Buried in a New York Times article Monday is news that Defense Secretary Robert Gates is expected to announce he will suspend the discharges of gay servicemembers whose sexual orientation is revealed by third parties.

While the law’s repeal is being debated, “Gay rights leaders say they expect Mr. Gates to announce in the interim that the Defense Department will not take action to discharge service members whose sexual orientation is revealed by third parties or jilted partners, one of the most onerous aspects of the law,” the paper’s Elisabeth Bumiller wrote. “Pentagon officials had no comment.”

“This year, I will work with Congress and our military to finally repeal the law that denies gay Americans the right to serve the country they love because of who they are,” the president said in his State of the Union address last Wednesday night.

That one sentence was the sum total of Obama’s declarations on the issue, but “you only need one sentence for the military leaders in this country to hear their commander-in-chief,” House Rep. Anthony Weiner (D-NY) said after the speech.

Obama finally decided he had to move on the issue because he was concerned that if not, he’d be forced to defend the gay ban in court, Bumiller writes.

“But it was in Oval Office strategy sessions to review court cases challenging the ban — ones that could reach the Supreme Court — that Mr. Obama faced the fact that if he did not change the policy, his administration would be forced to defend publicly the constitutionality of a law he had long opposed,” she writes.

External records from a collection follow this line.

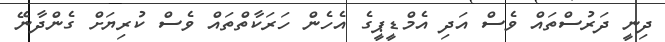
ދިނީ ދަރުސްތައް ވެސް އަދި އެމްޑީޕީގެ އެހެން ހަރަކާތްތައް ވެސް ކުރިޔަށް ގެންދާނޭ
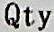
QTY
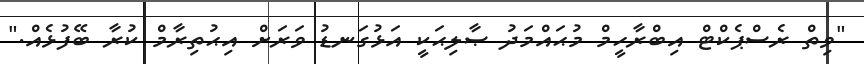
"ވިތް ރެސްޕެކްޓް އިބްރާހީމް މުޙައްމަދު ޞާލިޙަކީ އަޅުގަނޑު ވަރަށް އިޙުތިރާމް ކުރާ ބޭފުޅެއް."
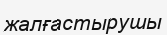
жалғастырушы
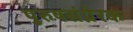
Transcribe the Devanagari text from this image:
पुरुषसंप्रेरक
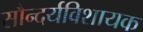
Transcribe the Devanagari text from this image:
सौन्दर्यविशायक
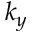
k _ { y }
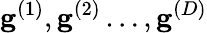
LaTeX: \mathbf{g}^{(1)},\mathbf{g}^{(2)}\ldots,\mathbf{g}^{(D)}
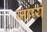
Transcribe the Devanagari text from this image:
जाप्यं
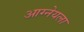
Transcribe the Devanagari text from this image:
आग्नेयला
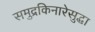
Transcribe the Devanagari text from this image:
समुद्रकिनारेसुद्धा
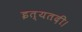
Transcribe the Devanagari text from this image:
इत्यतदी।
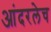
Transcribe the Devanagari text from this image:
आंदरलेच
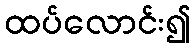
ထပ်လောင်း၍
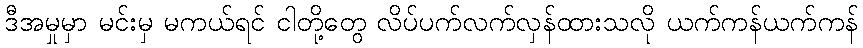
ဒီအမှုမှာ မင်းမှ မကယ်ရင် ငါတို့တွေ လိပ်ပက်လက်လှန်ထားသလို ယက်ကန်ယက်ကန်
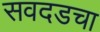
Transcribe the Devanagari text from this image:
सवदडचा
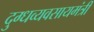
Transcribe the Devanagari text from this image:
दुग्धव्यवसायमंत्री
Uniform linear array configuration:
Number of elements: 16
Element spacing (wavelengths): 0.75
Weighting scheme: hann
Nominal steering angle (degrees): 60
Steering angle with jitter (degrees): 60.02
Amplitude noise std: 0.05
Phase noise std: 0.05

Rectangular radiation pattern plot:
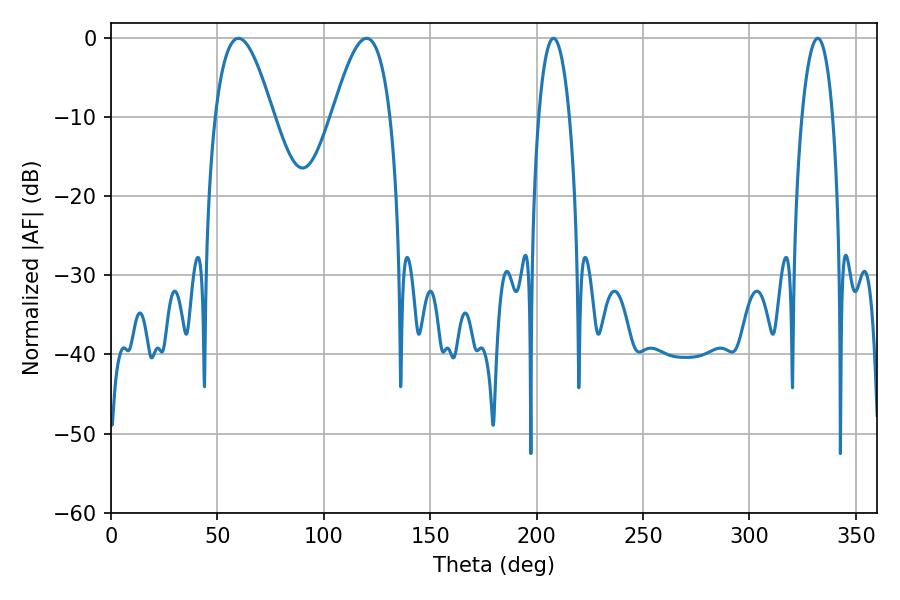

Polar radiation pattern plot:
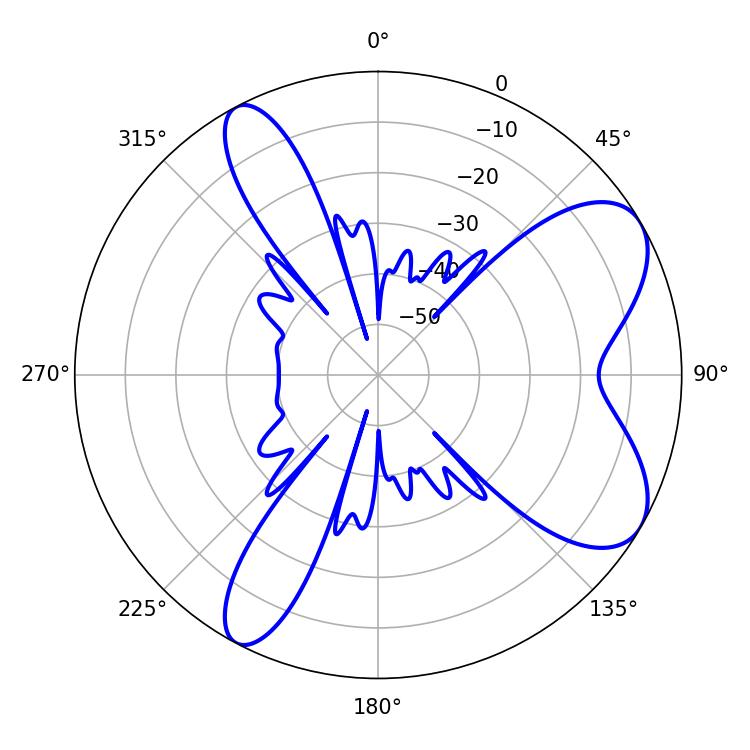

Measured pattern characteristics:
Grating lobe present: TRUE
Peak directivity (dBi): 7.469
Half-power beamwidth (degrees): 8.1
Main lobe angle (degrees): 207.9

“As a participant recounted one of the sessions, Mr. Obama told Defense Secretary Robert M. Gates and Adm. Mike Mullen, the chairman of the joint chiefs of staff, that the law was ‘just wrong,’” she added. “Mr. Obama told them, the participant said, that he had delayed acting on repeal because the military was stretched in two wars and he did not want another polarizing debate in 2009 to distract from his health care fight.”

Nevertheless, he indicated that he intended to work to repeal the ban in 2010.

But the policy’s repeal — which requires an act of Congress because it is part of the military’s Uniform Code of Military Justice — may be years away. The Pentagon says that they must undertake a study to investigate the consequences of a repeal, which could take years to complete.

“The delay seems to be the result of general reluctance among military leaders to end the policy, and trepidation on the part of lawmakers to broach the issue ahead of what is sure to be a tough midterm election year,” The Hill’s Tony Romm wrote Saturday.

Critics argue that allowing gays to serve openly in the military would undermine unit cohesion, a claim that was itself undermined by a 1993 study.